• Work instructions:
Leave out the images and return all the data word for word.

Records from a data source
↓↓↓
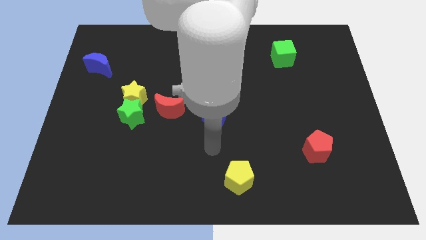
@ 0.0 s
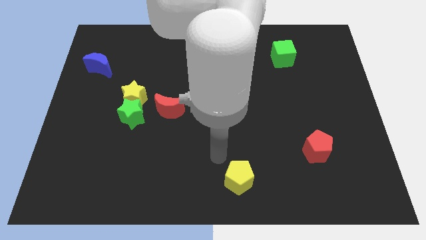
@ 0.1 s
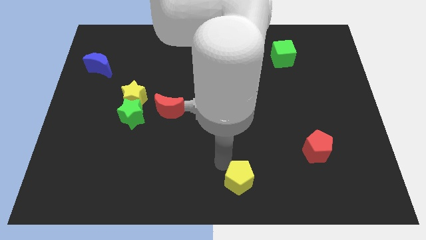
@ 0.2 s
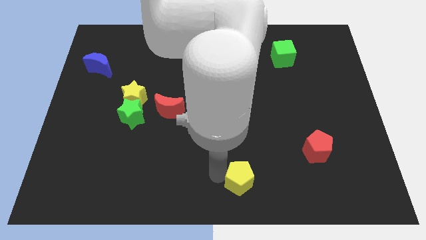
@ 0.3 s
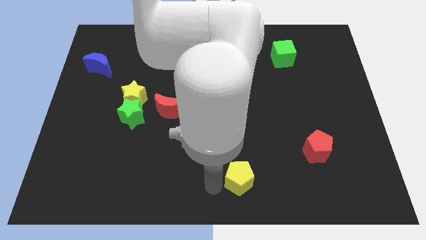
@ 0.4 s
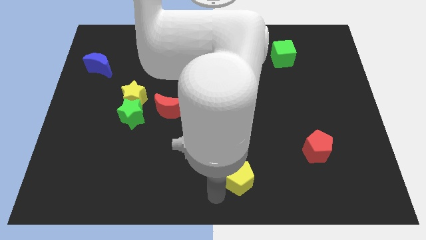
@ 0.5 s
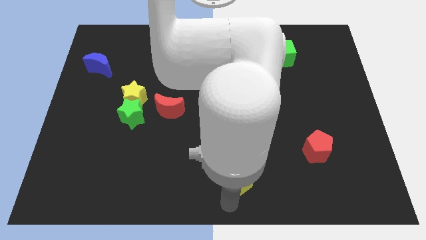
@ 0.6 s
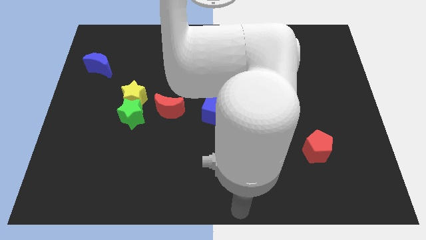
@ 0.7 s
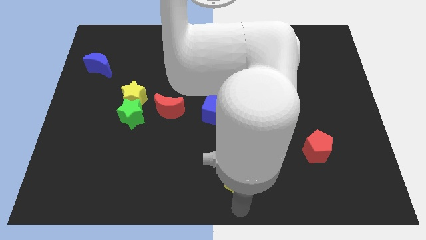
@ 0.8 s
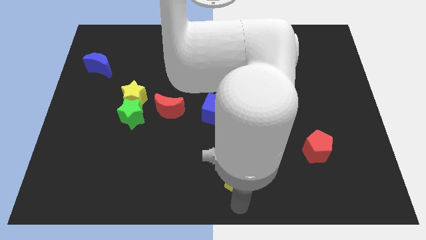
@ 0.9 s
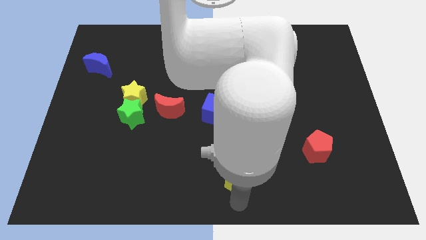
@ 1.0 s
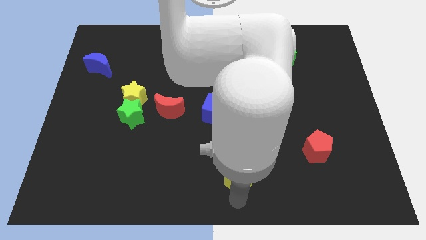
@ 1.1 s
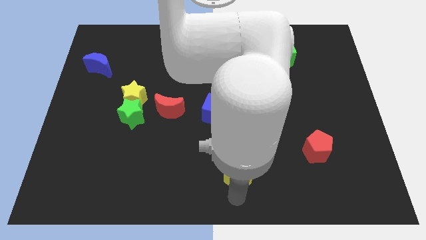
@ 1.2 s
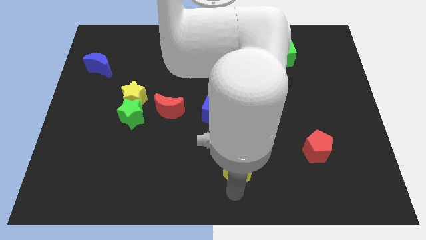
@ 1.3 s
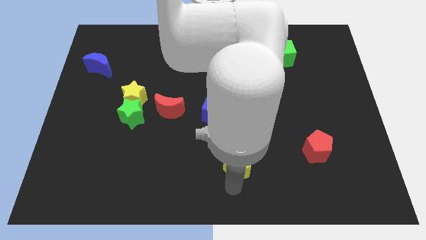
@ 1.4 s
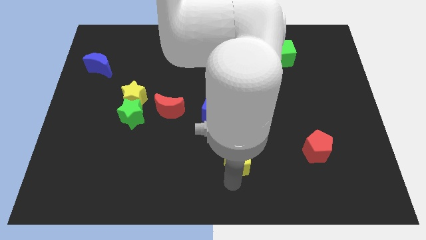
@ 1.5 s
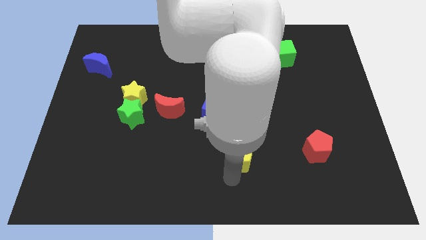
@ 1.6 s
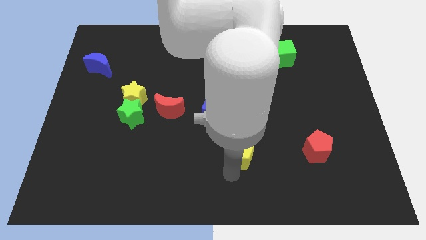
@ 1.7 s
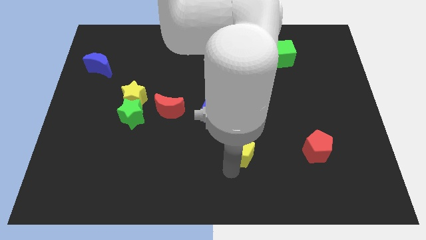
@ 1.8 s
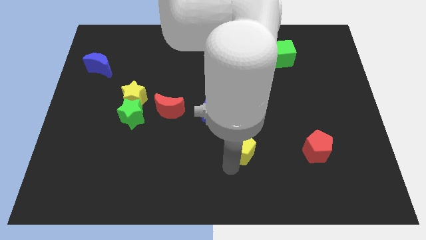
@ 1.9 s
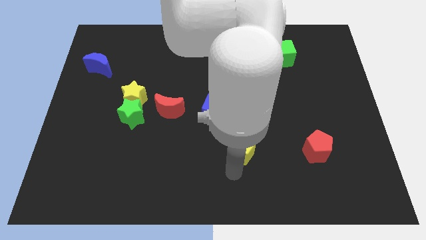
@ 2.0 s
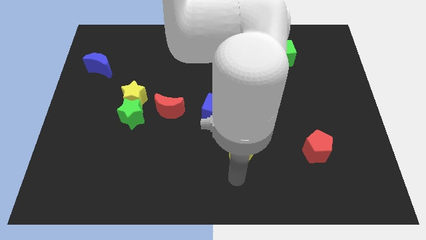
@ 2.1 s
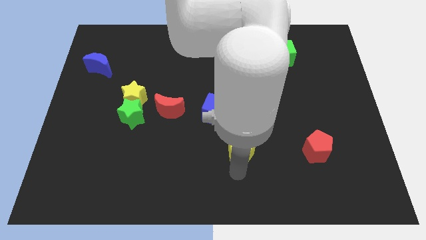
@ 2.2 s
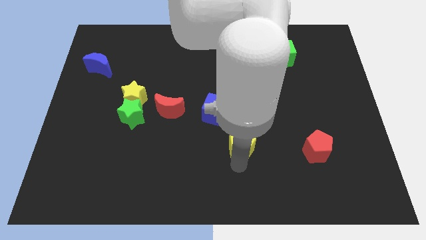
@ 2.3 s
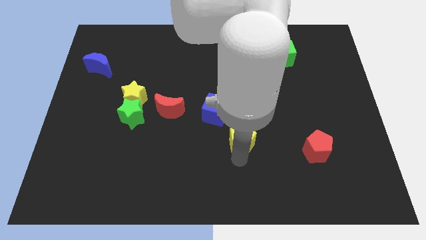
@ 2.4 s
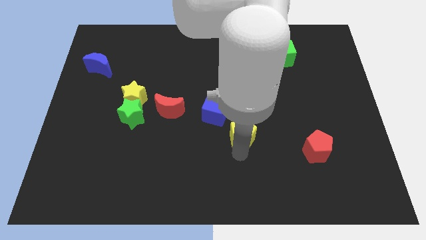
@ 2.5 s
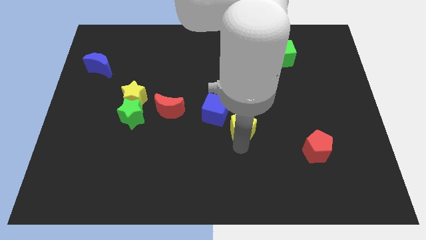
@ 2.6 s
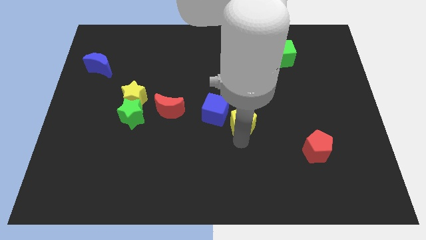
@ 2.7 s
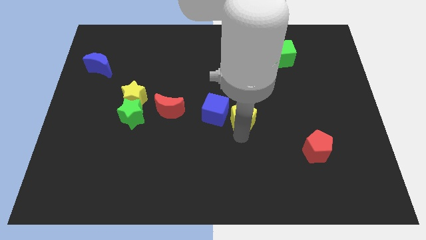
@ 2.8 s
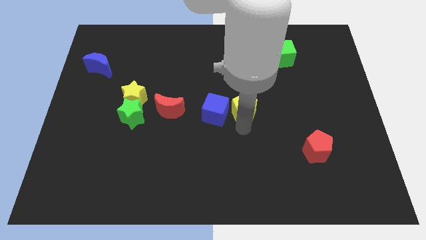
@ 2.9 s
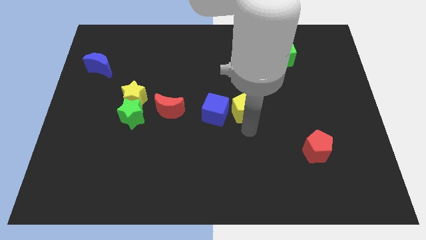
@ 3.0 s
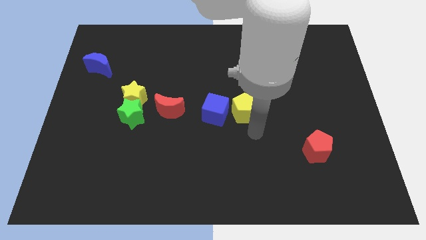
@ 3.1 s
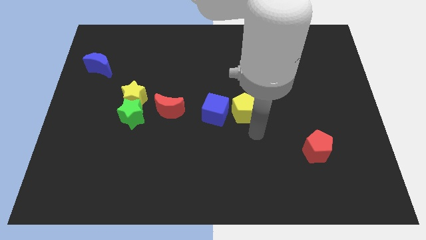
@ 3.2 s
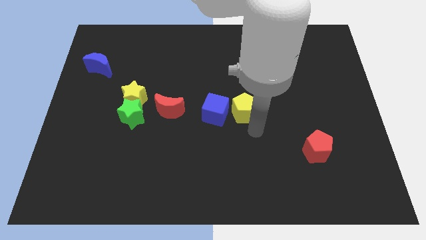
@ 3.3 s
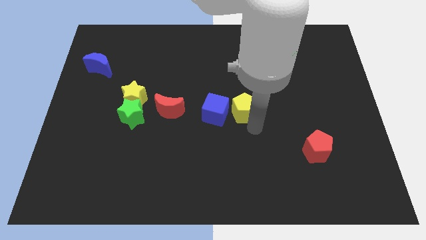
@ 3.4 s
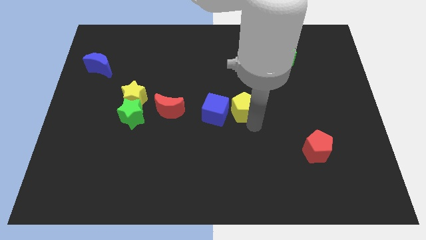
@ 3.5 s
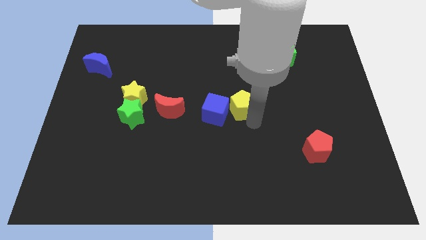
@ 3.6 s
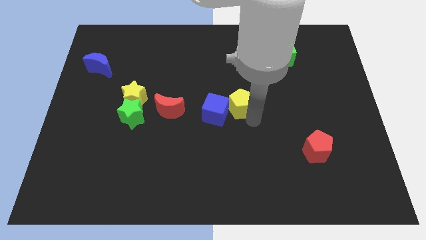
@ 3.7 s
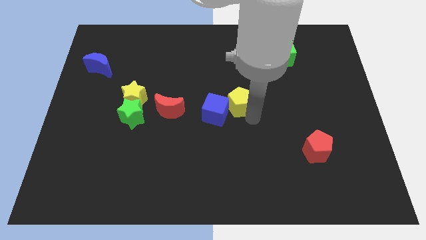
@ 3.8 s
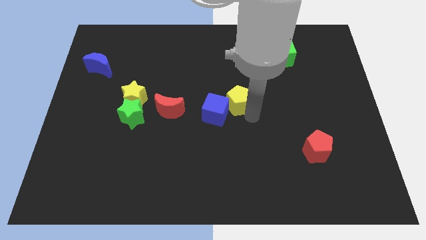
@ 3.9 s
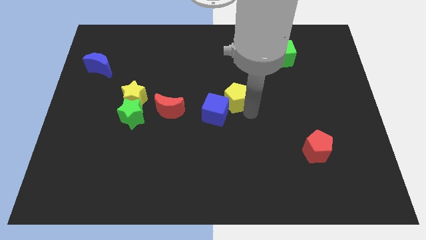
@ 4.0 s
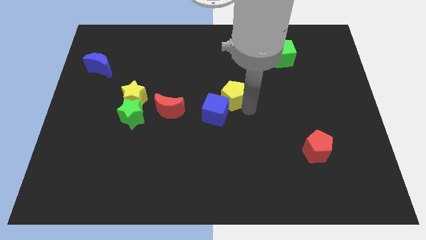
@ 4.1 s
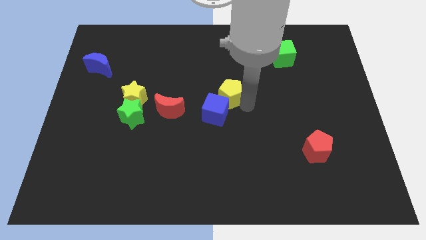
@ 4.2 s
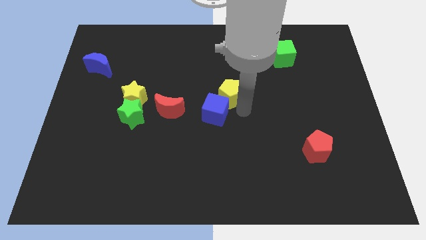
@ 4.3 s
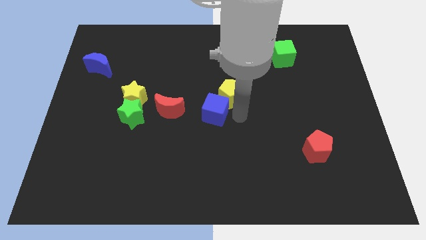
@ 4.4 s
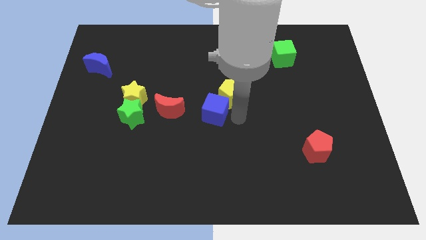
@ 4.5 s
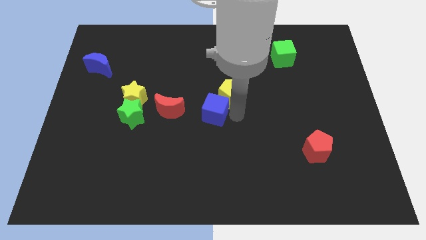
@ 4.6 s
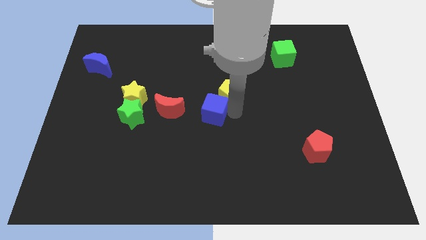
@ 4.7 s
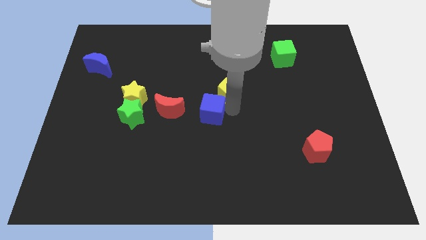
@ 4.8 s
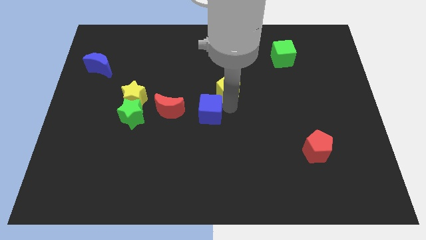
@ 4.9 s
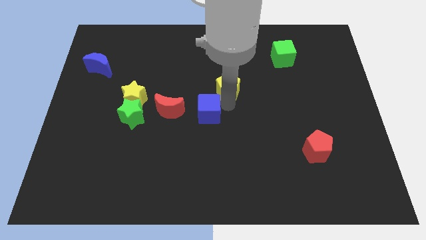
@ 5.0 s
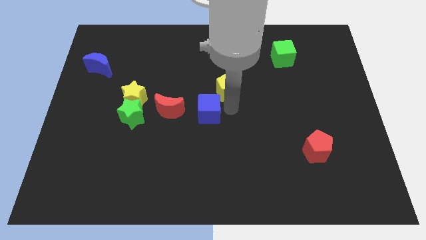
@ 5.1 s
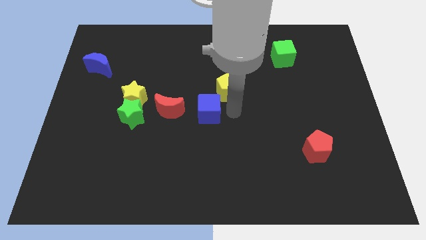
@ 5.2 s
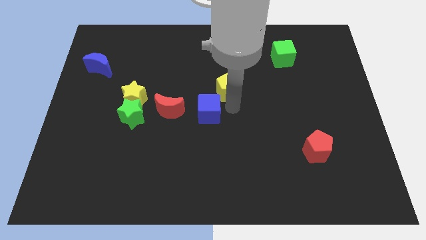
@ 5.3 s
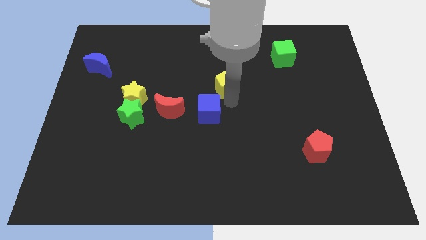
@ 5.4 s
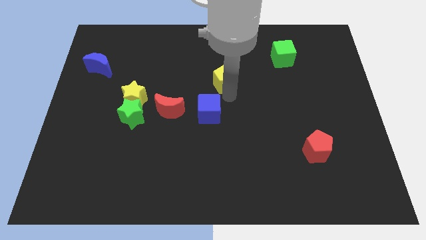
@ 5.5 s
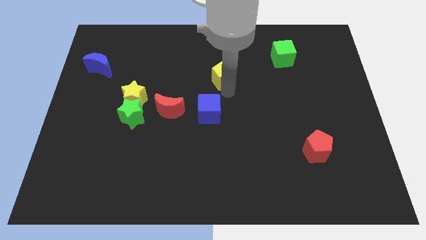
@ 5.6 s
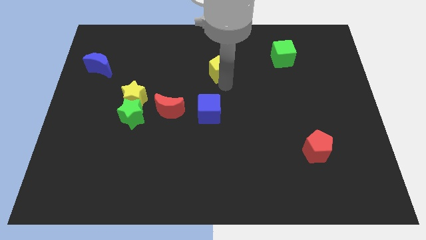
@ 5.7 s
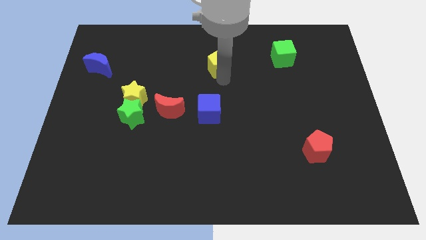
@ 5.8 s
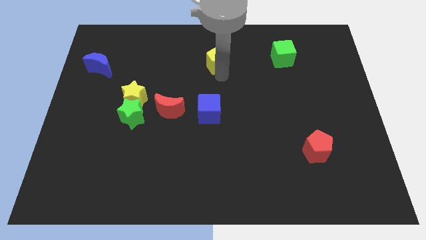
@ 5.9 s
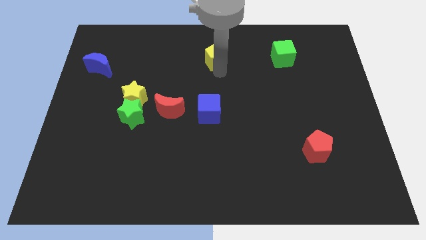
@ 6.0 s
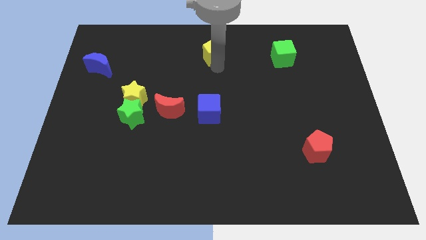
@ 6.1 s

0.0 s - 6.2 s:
push the yellow pentagon to the towards your base
↑↑↑
• Exercise answer:
@ 0.0 s
@ 0.1 s
@ 0.2 s
@ 0.3 s
@ 0.4 s
@ 0.5 s
@ 0.6 s
@ 0.7 s
@ 0.8 s
@ 0.9 s
@ 1.0 s
@ 1.1 s
@ 1.2 s
@ 1.3 s
@ 1.4 s
@ 1.5 s
@ 1.6 s
@ 1.7 s
@ 1.8 s
@ 1.9 s
@ 2.0 s
@ 2.1 s
@ 2.2 s
@ 2.3 s
@ 2.4 s
@ 2.5 s
@ 2.6 s
@ 2.7 s
@ 2.8 s
@ 2.9 s
@ 3.0 s
@ 3.1 s
@ 3.2 s
@ 3.3 s
@ 3.4 s
@ 3.5 s
@ 3.6 s
@ 3.7 s
@ 3.8 s
@ 3.9 s
@ 4.0 s
@ 4.1 s
@ 4.2 s
@ 4.3 s
@ 4.4 s
@ 4.5 s
@ 4.6 s
@ 4.7 s
@ 4.8 s
@ 4.9 s
@ 5.0 s
@ 5.1 s
@ 5.2 s
@ 5.3 s
@ 5.4 s
@ 5.5 s
@ 5.6 s
@ 5.7 s
@ 5.8 s
@ 5.9 s
@ 6.0 s
@ 6.1 s

0.0 s - 6.2 s:
push the yellow pentagon to the towards your base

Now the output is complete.